Regulatory T cells moderate the strength and duration of the immune response. The researchers have now found a new type of Treg cell that can act specifically against certain B cells rather than the overall immune response. “We were able to show that immunotolerance therapy results in the generation of regulatory T cells that exclusively induce B cells against factor VIII to commit suicide,” says Dr Janine Becker-Gotot of the Institute of Molecular Medicine and Experimental Immunology (IMMEI) at UKB. “These T cells have a sensor that allows them to recognise and attach to the corresponding B cells. In addition, they have the ability to push the self-destruct button on the surface of B cells.”

This button is a molecule called PD-1 which, on activation, leads to apoptosis. Every active B cell has this button. “Our experiments enabled us for the first time to detect regulatory T cells that can activate this self-destruct button only in very specific B cells, in order to specifically prevent unwanted immune responses,” explains IMMEI Director Prof Dr Christian Kurts.

The more PD-1 buttons the B cells against factor VIII carry on their surface, the easier it is for them to be driven to suicide by immune tolerance therapy. “The amount of PD-1 varies from person to person,” Becker-Gotot explains. “If it’s very low to begin with, there’s a good chance that many inhibitor-producing B cells will survive and continue to neutralise the injected factor VIII.”

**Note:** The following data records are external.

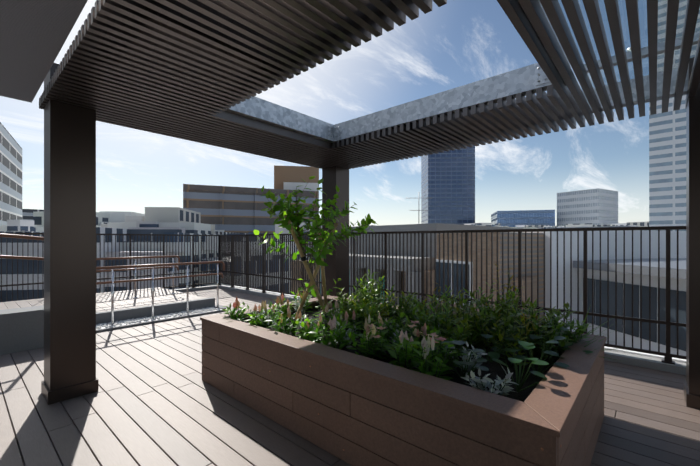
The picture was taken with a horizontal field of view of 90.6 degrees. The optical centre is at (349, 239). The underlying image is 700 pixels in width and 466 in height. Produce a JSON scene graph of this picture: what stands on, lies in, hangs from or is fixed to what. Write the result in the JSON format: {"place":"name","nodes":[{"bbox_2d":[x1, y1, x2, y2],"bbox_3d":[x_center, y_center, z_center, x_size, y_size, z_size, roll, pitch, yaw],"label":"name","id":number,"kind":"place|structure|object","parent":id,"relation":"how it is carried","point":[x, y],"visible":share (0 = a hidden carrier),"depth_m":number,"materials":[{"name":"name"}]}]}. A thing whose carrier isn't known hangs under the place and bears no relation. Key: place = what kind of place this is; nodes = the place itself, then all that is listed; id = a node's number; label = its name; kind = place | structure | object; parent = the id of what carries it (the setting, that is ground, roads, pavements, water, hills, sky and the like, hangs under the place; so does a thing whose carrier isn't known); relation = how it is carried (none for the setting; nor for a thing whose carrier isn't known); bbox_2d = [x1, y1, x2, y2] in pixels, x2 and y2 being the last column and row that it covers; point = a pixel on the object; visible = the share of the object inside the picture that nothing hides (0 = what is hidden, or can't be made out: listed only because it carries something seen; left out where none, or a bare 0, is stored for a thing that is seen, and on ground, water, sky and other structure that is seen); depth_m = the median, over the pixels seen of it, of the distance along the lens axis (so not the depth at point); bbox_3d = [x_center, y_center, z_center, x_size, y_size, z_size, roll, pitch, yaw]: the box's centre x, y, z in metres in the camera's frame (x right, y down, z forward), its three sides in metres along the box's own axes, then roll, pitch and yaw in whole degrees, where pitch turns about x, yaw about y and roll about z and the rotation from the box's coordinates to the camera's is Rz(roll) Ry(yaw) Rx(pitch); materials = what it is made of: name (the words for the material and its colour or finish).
{"place":"outdoors","nodes":[
{"label":"outdoors","id":0,"kind":"place"},
{"bbox_2d":[22,209,43,219],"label":"building","id":1,"kind":"structure","parent":0,"point":[27,214],"depth_m":146.34,"materials":[{"name":"white concrete"}]},
{"bbox_2d":[274,165,318,190],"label":"building","id":2,"kind":"structure","parent":0,"point":[282,174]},
{"bbox_2d":[0,0,648,226],"label":"sky","id":3,"kind":"structure","parent":0,"point":[457,43],"materials":[{"name":"blue"}]},
{"bbox_3d":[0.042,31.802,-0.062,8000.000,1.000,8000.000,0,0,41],"label":"city ground","id":4,"kind":"structure","parent":0,"visible":0},
{"bbox_2d":[0,122,21,224],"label":"apartment building","id":5,"kind":"structure","parent":4,"relation":"on","point":[10,178],"depth_m":59.40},
{"bbox_2d":[183,184,318,233],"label":"brown apartment building","id":6,"kind":"structure","parent":4,"relation":"on","point":[232,209],"depth_m":68.35,"materials":[{"name":"brown"}]},
{"bbox_2d":[0,216,636,292],"bbox_3d":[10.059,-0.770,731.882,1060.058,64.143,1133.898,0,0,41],"label":"city blocks","id":7,"kind":"structure","parent":4,"relation":"on","point":[25,226],"depth_m":42.29,"materials":[{"name":"grey concrete"}]},
{"bbox_2d":[0,207,648,301],"bbox_3d":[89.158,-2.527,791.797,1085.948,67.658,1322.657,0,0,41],"label":"city blocks","id":8,"kind":"structure","parent":4,"relation":"on","point":[179,220],"depth_m":37.91,"materials":[{"name":"white concrete"}]},
{"bbox_2d":[291,223,536,317],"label":"concrete building","id":9,"kind":"structure","parent":4,"relation":"on","point":[420,227],"depth_m":13.64,"materials":[{"name":"grey concrete"}]},
{"bbox_2d":[406,197,433,223],"bbox_3d":[3.380,-1.506,16.978,1.312,1.699,0.500,0,0,-1],"label":"tv antenna","id":10,"kind":"object","parent":9,"relation":"on","point":[418,210],"visible":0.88,"depth_m":16.97,"materials":[{"name":"silver metal"}]},
{"bbox_2d":[421,145,474,224],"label":"skyscraper","id":11,"kind":"structure","parent":4,"relation":"on","point":[448,181],"depth_m":260.89,"materials":[{"name":"blue glass"}]},
{"bbox_2d":[234,286,685,362],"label":"curb","id":12,"kind":"structure","parent":4,"relation":"on","point":[647,354],"depth_m":4.04,"materials":[{"name":"grey concrete"}]},
{"bbox_2d":[0,289,699,465],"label":"deck terrace","id":13,"kind":"structure","parent":12,"relation":"on","point":[155,400],"depth_m":2.54,"materials":[{"name":"wood"}]},
{"bbox_2d":[0,287,203,311],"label":"ramp deck","id":14,"kind":"structure","parent":13,"relation":"on","point":[125,299],"depth_m":6.52,"materials":[{"name":"grey concrete"}]},
{"bbox_2d":[0,233,224,324],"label":"handrail posts","id":15,"kind":"object","parent":14,"relation":"on","point":[134,268],"visible":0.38,"depth_m":5.71,"materials":[{"name":"silver metal"}]},
{"bbox_2d":[0,298,226,354],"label":"ramp wall","id":16,"kind":"structure","parent":13,"relation":"on","point":[21,329],"depth_m":4.17,"materials":[{"name":"grey concrete"}]},
{"bbox_2d":[96,307,222,329],"bbox_3d":[-3.198,1.272,5.573,0.330,0.059,2.280,0,0,41],"label":"pebble strip","id":17,"kind":"object","parent":13,"relation":"on","point":[145,319],"visible":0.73,"depth_m":5.55,"materials":[{"name":"white gravel"}]},
{"bbox_2d":[41,57,699,409],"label":"pergola columns","id":18,"kind":"structure","parent":13,"relation":"on","point":[69,251],"depth_m":2.84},
{"bbox_2d":[0,0,87,102],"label":"roof overhang","id":19,"kind":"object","parent":18,"relation":"attached to","point":[34,34],"depth_m":1.97,"materials":[{"name":"grey"}]},
{"bbox_2d":[225,0,687,142],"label":"pergola steel beams","id":20,"kind":"structure","parent":18,"relation":"on","point":[523,80],"depth_m":3.31,"materials":[{"name":"grey metal"}]},
{"bbox_2d":[39,0,699,168],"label":"pergola slats","id":21,"kind":"object","parent":20,"relation":"attached to","point":[191,70],"visible":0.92,"depth_m":2.26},
{"bbox_2d":[584,32,699,72],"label":"pergola glass purlins","id":22,"kind":"object","parent":20,"relation":"attached to","point":[660,48],"visible":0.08,"depth_m":2.60,"materials":[{"name":"glass"}]},
{"bbox_2d":[560,0,699,87],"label":"pergola glass roof","id":23,"kind":"structure","parent":22,"relation":"on","point":[640,38],"depth_m":2.48,"materials":[{"name":"clear glass"}]},
{"bbox_2d":[200,295,606,465],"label":"planter box","id":24,"kind":"object","parent":13,"relation":"on","point":[349,406],"visible":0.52,"depth_m":1.94,"materials":[{"name":"brown wood"}]},
{"bbox_2d":[253,176,376,318],"bbox_3d":[-0.397,0.128,3.535,1.205,1.522,1.186,0,0,41],"label":"tree","id":25,"kind":"object","parent":24,"relation":"on","point":[319,244],"visible":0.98,"depth_m":3.46,"materials":[{"name":"green plant"}]},
{"bbox_2d":[223,264,625,394],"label":"plants","id":26,"kind":"object","parent":24,"relation":"on","point":[501,322],"visible":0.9,"depth_m":2.47,"materials":[{"name":"green plant"}]},
{"bbox_2d":[174,285,685,374],"bbox_3d":[-2.171,1.297,1.646,12.580,0.130,10.040,0,0,41],"label":"granite kerb","id":27,"kind":"object","parent":13,"relation":"on","point":[648,362],"visible":0.21,"depth_m":3.67,"materials":[{"name":"grey stone"}]},
{"bbox_2d":[0,226,685,363],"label":"perimeter railing","id":28,"kind":"object","parent":27,"relation":"on","point":[224,248],"visible":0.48,"depth_m":5.37,"materials":[{"name":"brown metal"}]},
{"bbox_2d":[436,232,543,326],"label":"building wall","id":29,"kind":"structure","parent":4,"relation":"on","point":[541,269],"depth_m":10.63,"materials":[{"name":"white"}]},
{"bbox_2d":[436,262,468,303],"bbox_3d":[3.339,1.380,11.376,0.030,1.240,1.440,0,0,-30],"label":"window glass","id":30,"kind":"structure","parent":29,"relation":"in","point":[437,263],"depth_m":11.41,"materials":[{"name":"grey"}]},
{"bbox_2d":[436,259,472,304],"bbox_3d":[3.378,1.380,11.398,0.060,1.400,1.600,0,0,-30],"label":"window frame","id":31,"kind":"structure","parent":29,"relation":"in","point":[450,261],"depth_m":10.76,"materials":[{"name":"white metal"}]},
{"bbox_2d":[491,210,554,226],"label":"office building","id":32,"kind":"structure","parent":4,"relation":"on","point":[524,217],"depth_m":211.48,"materials":[{"name":"blue glass"}]},
{"bbox_2d":[557,188,617,225],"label":"white office building","id":33,"kind":"structure","parent":4,"relation":"on","point":[597,206],"depth_m":199.22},
{"bbox_2d":[515,230,685,331],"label":"building","id":34,"kind":"structure","parent":4,"relation":"on","point":[654,244],"depth_m":11.18,"materials":[{"name":"white concrete"}]},
{"bbox_2d":[547,226,665,230],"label":"building roof","id":35,"kind":"structure","parent":4,"relation":"on","point":[609,226],"depth_m":41.98,"materials":[{"name":"grey"}]},
{"bbox_2d":[573,258,685,355],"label":"white building","id":36,"kind":"structure","parent":4,"relation":"on","point":[654,302],"depth_m":9.32,"materials":[{"name":"white concrete"}]},
{"bbox_2d":[649,0,699,230],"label":"high-rise building","id":37,"kind":"structure","parent":4,"relation":"on","point":[667,168],"depth_m":132.38,"materials":[{"name":"white concrete"}]}
]}

Test to show in whom immunotolerance therapy is useful

Interestingly, B cells also produce more PD-1 once they come into contact with regulatory T cells. “We can now test how strong this reaction is,” the researcher says. “If PD-1 levels go up shortly after starting immune tolerance therapy and then stay up, that’s a clear sign that the treatment is going to be successful.” The team is currently developing a blood test that can be used to detect whether or not immune tolerance therapy is working in patients during the prolonged treatment.

“Our findings have great basic scientific value,” explains Prof Kurts. “And not just for haemophilia, but also for other congenital disorders where missing proteins are replaced therapeutically. In the long term, they could also be used to develop new treatments.”